Rami (rami). Son yılların en moda bitkisel liflerinden biri. Rami lifi tüm sak lifleri arasında en ince ve en uzun olanıdır; yüksek emme özelliklerine sahiptir. Lif beyazdır, çok parlaktır, ipeğe benzer. Aşınma direnci açısından rami, ketenden 2 kat, pamuktan 5 kat daha iyidir. İyi boyar ama muhteşem ipeksi parlaklığını kaybetmez. Nemi mükemmel şekilde emer ve çabuk kurur. Rami saf haliyle ve pamuk, yün ve ipekle karışım halinde giyim ve keten kumaş üretiminde kullanılır. Bu ucuz ama çok pratik ve güzel bir doğal elyaftır. Dezavantajları: ketenden biraz daha kaba, zayıf elastik özellikler ve ayrıca ciltle temas ettiğinde kaşıntı ve yanma şeklinde alerjik reaksiyon olasılığı.

Jüt - ıhlamur ailesinin sıcağı seven ve nemi seven kültüründen elde edilen lif. Jütün karmaşık lifi kenevirden daha incedir. Jütün ana kullanım alanı kumaş ve torbaların ambalajlanmasıdır. Ancak son zamanlarda perde, döşemelik ve hatta keten kumaşların üretiminde jüt elyafının kullanılması önerilmiştir.

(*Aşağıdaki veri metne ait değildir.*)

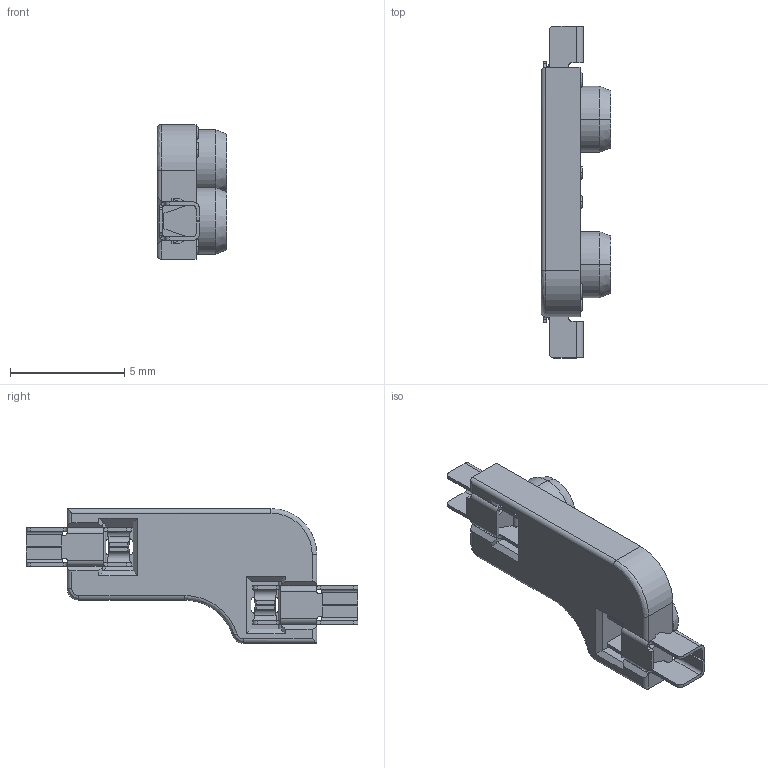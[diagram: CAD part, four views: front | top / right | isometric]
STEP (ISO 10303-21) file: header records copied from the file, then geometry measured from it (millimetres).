
FILE_DESCRIPTION (( 'STEP AP203' ), '1' );
FILE_NAME ('KaihlSocket_1511-CONN-170206_ASM_ASM_3_ASM__ASM.STEP', '2018-05-02T13:54:05', ( '' ), ( '' ), 'SwSTEP 2.0', 'SolidWorks 2017', '' );
FILE_SCHEMA (( 'CONFIG_CONTROL_DESIGN' ));
Length unit declared in the file: millimetre
Products named in the file (12): ASM0003_ASM; ASM0001_ASM; CONN-011601_18_1_1_1_1_2_1_1_1; 1511-011802_ASM_1_ASM_1_ASM_1_A_ASM; ASM0002_ASM; 1511-CONN-170206_ASM_1_ASM_1_AS_ASM; 1511-0408001_ASM_1_ASM_1_ASM_1__ASM; 1511-011802_ASM_ASM_1_ASM_1_ASM_ASM; BASE02_D6_18_18_1_1_1_1_2_1_1_2; KaihlSocket_1511-CONN-170206_ASM_ASM_3_ASM__ASM; Normal Socket; ASM0004_ASM
Assembly tree (12 placements, depth 11):
  KaihlSocket_1511-CONN-170206_ASM_ASM_3_ASM__ASM
    1511-CONN-170206_ASM_1_ASM_1_AS_ASM
      1511-0408001_ASM_1_ASM_1_ASM_1__ASM
        ASM0001_ASM
          ASM0002_ASM
            ASM0003_ASM
              ASM0004_ASM
                Normal Socket
                  1511-011802_ASM_ASM_1_ASM_1_ASM_ASM
Bounding box: 3.05 x 14.5 x 5.89 mm (x, y, z)
Volume: 90.2 mm3; surface area: 299.5 mm2
Topology: 3 solids, 3 shells, 338 faces, 891 edges, 565 vertices
Faces by surface type: plane 213, cylinder 89, bspline 24, cone 12
Entity records: 9250 total; most frequent: CARTESIAN_POINT 2201, ORIENTED_EDGE 1258, DIRECTION 1124, EDGE_CURVE 629, VECTOR 444, LINE 444, VERTEX_POINT 399, AXIS2_PLACEMENT_3D 340

Özellikle ilgi çekici olan, denim kumaş üretmek için jüt kullanma olasılığıdır. Jütün yün, keten, viskon elyafı ve hatta ipekle karışımları geliştirilmiştir.

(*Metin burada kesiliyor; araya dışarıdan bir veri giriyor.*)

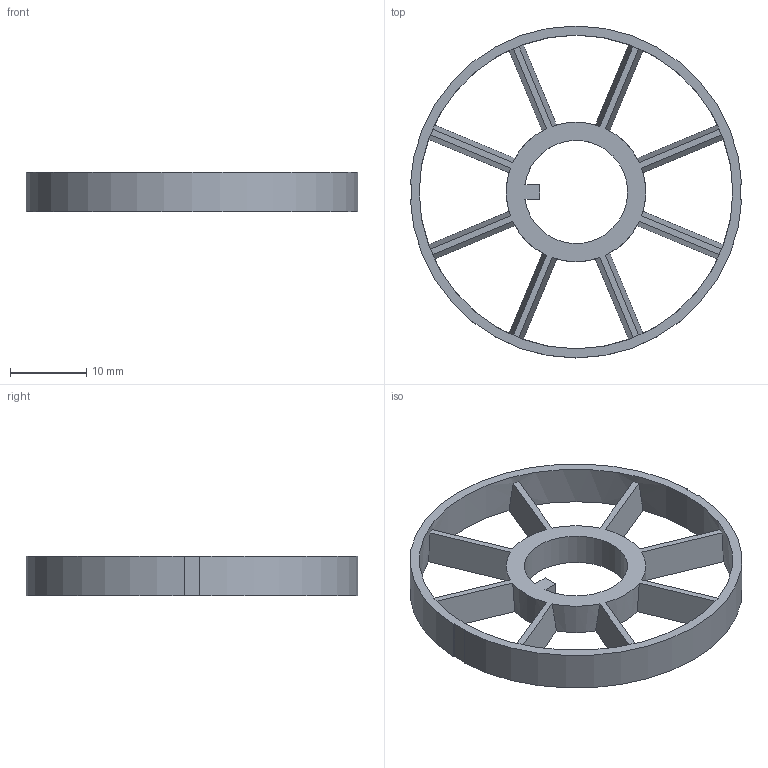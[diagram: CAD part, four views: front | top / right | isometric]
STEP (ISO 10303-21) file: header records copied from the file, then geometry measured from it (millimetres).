
FILE_DESCRIPTION(/* description */ (''),/* implementation_level */ '2;1');
FILE_NAME(/* name */ 'LED Cells - 8 bit - LED 0 v2.step',/* time_stamp */ '2020-10-09T22:29:18-04:00',/* author */ (''),/* organization */ (''),/* preprocessor_version */ 'ST-DEVELOPER v18.1',/* originating_system */ 'Autodesk Translation Framework v9.3.0.1241',/* authorisation */ '');
FILE_SCHEMA (('AUTOMOTIVE_DESIGN { 1 0 10303 214 3 1 1 }'));
Length unit declared in the file: millimetre
Products named in the file (1): LED Cells - 8 bit - LED 0
Bounding box: 43.35 x 43.4 x 5.2 mm (x, y, z)
Volume: 1871.9 mm3; surface area: 3312.7 mm2
Topology: 1 solids, 1 shells, 40 faces, 135 edges, 90 vertices
Faces by surface type: plane 28, cylinder 12
Full cylindrical faces by diameter (mm): 41 x1
Entity records: 1580 total; most frequent: DIRECTION 289, ORIENTED_EDGE 270, CARTESIAN_POINT 266, EDGE_CURVE 135, AXIS2_PLACEMENT_3D 113, VERTEX_POINT 90, LINE 63, VECTOR 63

Kenaf - yüksek higroskopiklik ve dayanıklılık ile karakterize edilen yıllık otsu bir bitki olan kenafın saplarından elde edilen lif, çuval bezi, branda, sicim, halat vb. yapımında kullanılır. Bitkinin lif demetlerinin reçineli maddelerle zenginliği, kenaf ürünlerine bir son derece önemli özellik - şeker kapları için vazgeçilmez olan neme karşı geçirimsiz olmak.

Abaküs - çok yıllık tropik bitki abaca'nın (tekstil muz veya Manila keneviri) yapraklarından elde edilen sert sak lifi. Kablo, deniz halatı (tuzlu suya dayanıklı elyaf), balık ağları ve halı üretiminde kullanılır.

Sisal (agav), agav bitkisinin taze yapraklarından elde edilen sert, kaba, parlak, sarımsı bir liftir. Sisal, abakadan daha zayıftır ve kenevirden daha kırılgandır. Halat, teknik kumaş ve halı üretiminde kullanılır.

Bambu lifi- Rusya pazarında oldukça yakın zamanda ortaya çıkan bir elyaf. Mukavemeti yüksektir, parlaktır, pamuktan daha yumuşaktır ve ipek hissi verir. Bambu elyafından yapılan kumaş tahrişe neden olmaz, doğal antimikrobiyal ve koku giderici özelliklere sahiptir ve bakteri üremesini önleyen antimikrobiyal bileşen bambu kun içerir. Bambu elyafından iç çamaşırı alışılmadık gözenekli yapısı nedeniyle oldukça rahattır. Cilt yüzeyinden gelen nem anında kumaş tarafından emilir ve buharlaşır. Bambunun bu özelliği, yüksek emiciliğiyle ünlü pamuk elyafından bile daha fazla ifade edilir.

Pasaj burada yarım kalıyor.